We have analysed the new tax cuts and how they will help people borrow more and pay off their home loan sooner!
Effect of Stage 3 Tax Cuts:
- Effective from 1 July.
- Reduces the 32.5% tax bracket to 30%.
- Increases the 37% tax bracket threshold from $120,000 to $135,000.
- Lowers the lowest tax bracket rate to 16% for those earning $18,000–$45,000.
- Increases the 45% threshold to $190,000 from $180,000.
?? Impact on Borrowing Capacity:
- Single Australians: Earning $120,000 a year. Current maximum borrowing capacity: $615,135. Increase in FY25: $27,062 (4.4%) based on a 6.28% interest rate.
- Married Couples with Two Dependents: Combined gross income: $280,000. Increase in borrowing capacity by $75,345. Reflecting a 5.64% increase from $1,334,871 to $1,410,217.
?? Reduction in Mortgage Term:
- For those earning $70,000: Savings of $1,429 yearly tax cut.
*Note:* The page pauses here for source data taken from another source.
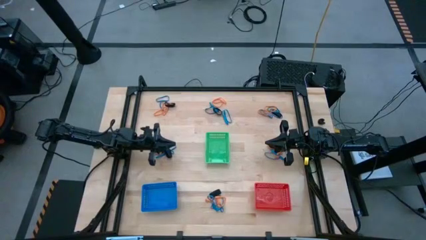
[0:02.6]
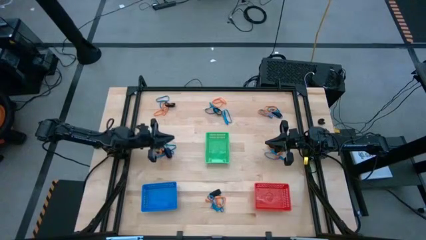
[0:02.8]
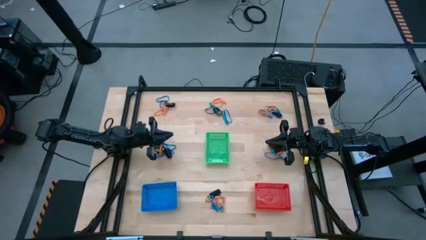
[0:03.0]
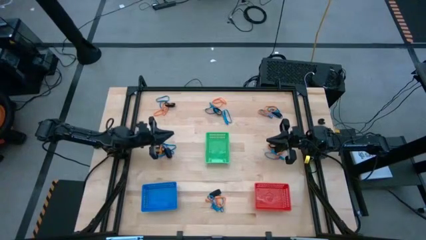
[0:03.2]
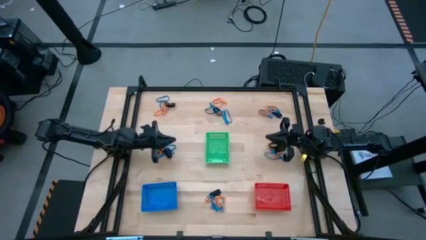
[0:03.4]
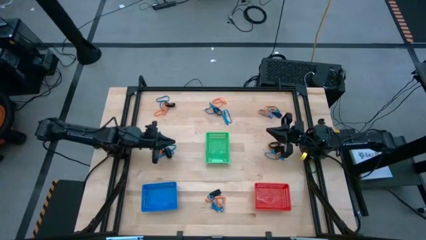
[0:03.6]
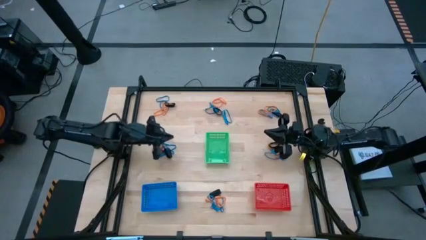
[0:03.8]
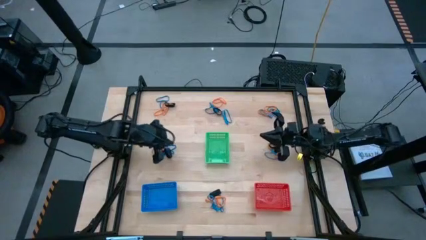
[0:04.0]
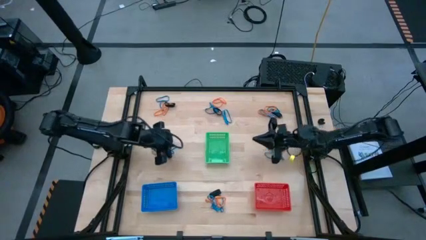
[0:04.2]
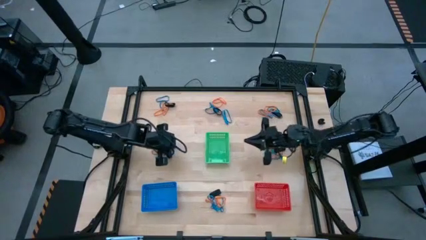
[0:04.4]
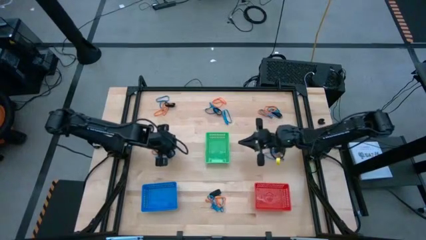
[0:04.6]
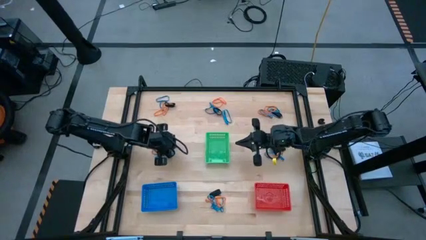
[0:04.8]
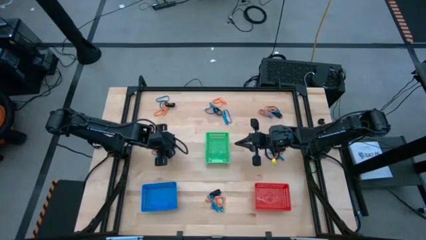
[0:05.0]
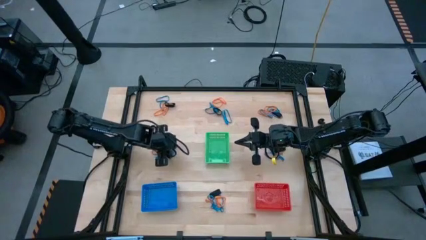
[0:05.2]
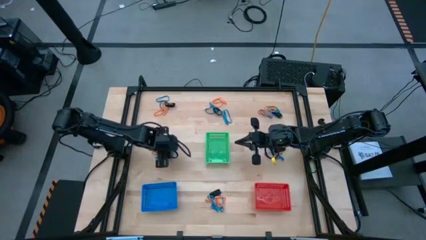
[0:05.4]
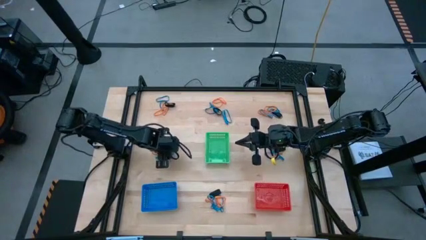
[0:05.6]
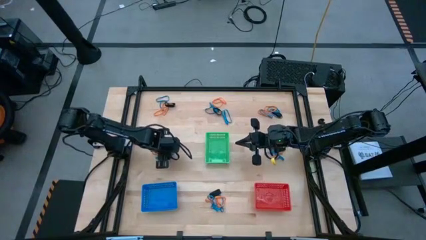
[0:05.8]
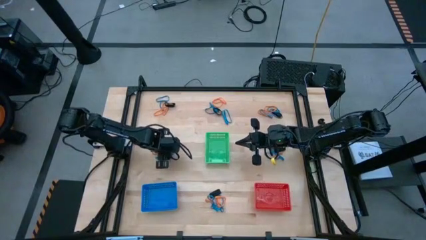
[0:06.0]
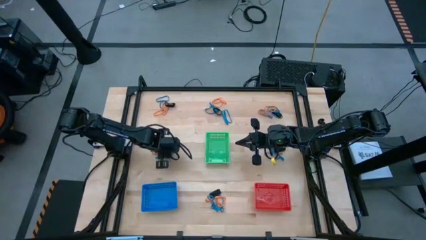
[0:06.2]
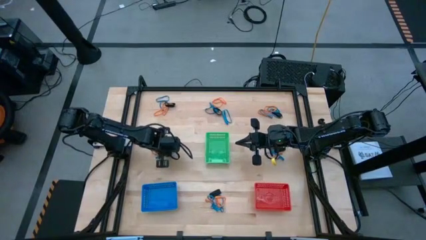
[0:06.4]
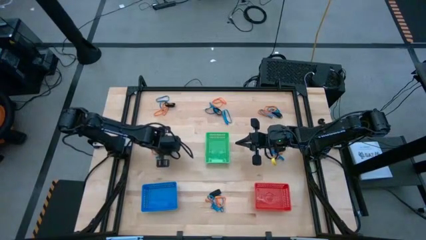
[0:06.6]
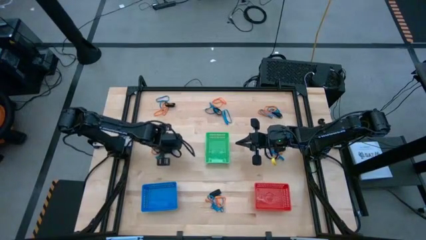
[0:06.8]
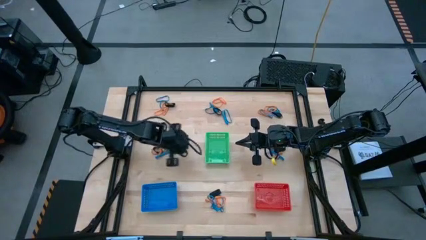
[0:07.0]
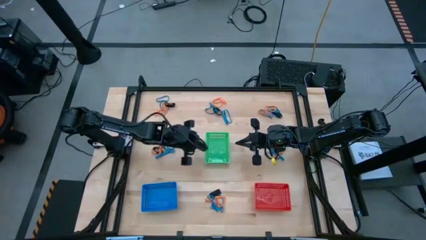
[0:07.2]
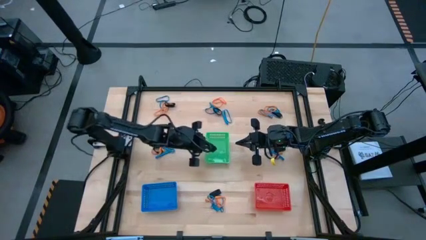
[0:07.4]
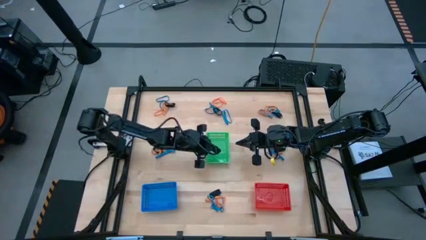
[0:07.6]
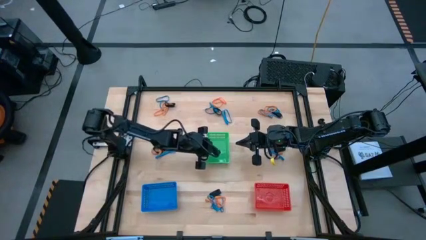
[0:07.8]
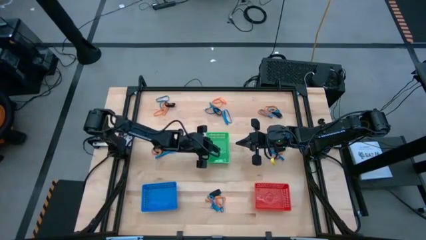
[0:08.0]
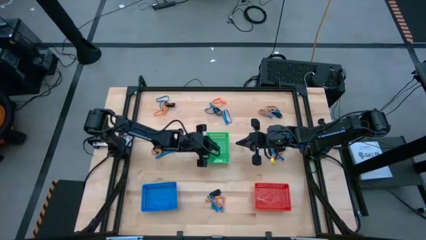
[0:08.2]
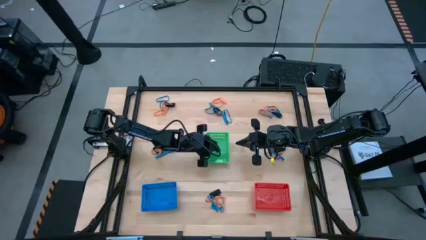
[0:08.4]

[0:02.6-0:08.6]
Task: Sort rubber bands into baskets
Put the black rubber band into the green bin

Could reduce loan term by two to three years. Interest saved: $75,350.
- For those earning $140,000: Loan savings increase up to $171,000. Could repay mortgage up to six years early.
Insights from Sebastian Watkins, COO of Aussie Home Loans:
?? Implications for Borrowers:
- Tax cuts may have “serious implications” for those just outside their ideal borrowing capacity.
- Provides a boost to potential purchasers struggling to save as property prices rise faster than wages.
- Use additional income from tax cuts to boost savings for a deposit.
- A healthier deposit means less borrowing needed, creating a win-win situation for those entering the market.
- The stage 3 tax cuts will increase borrowing capacity for many Australians.
- Potential to reduce mortgage terms significantly, saving borrowers money.
- Important for borrowers to utilize increased income for savings to enhance their home ownership goals.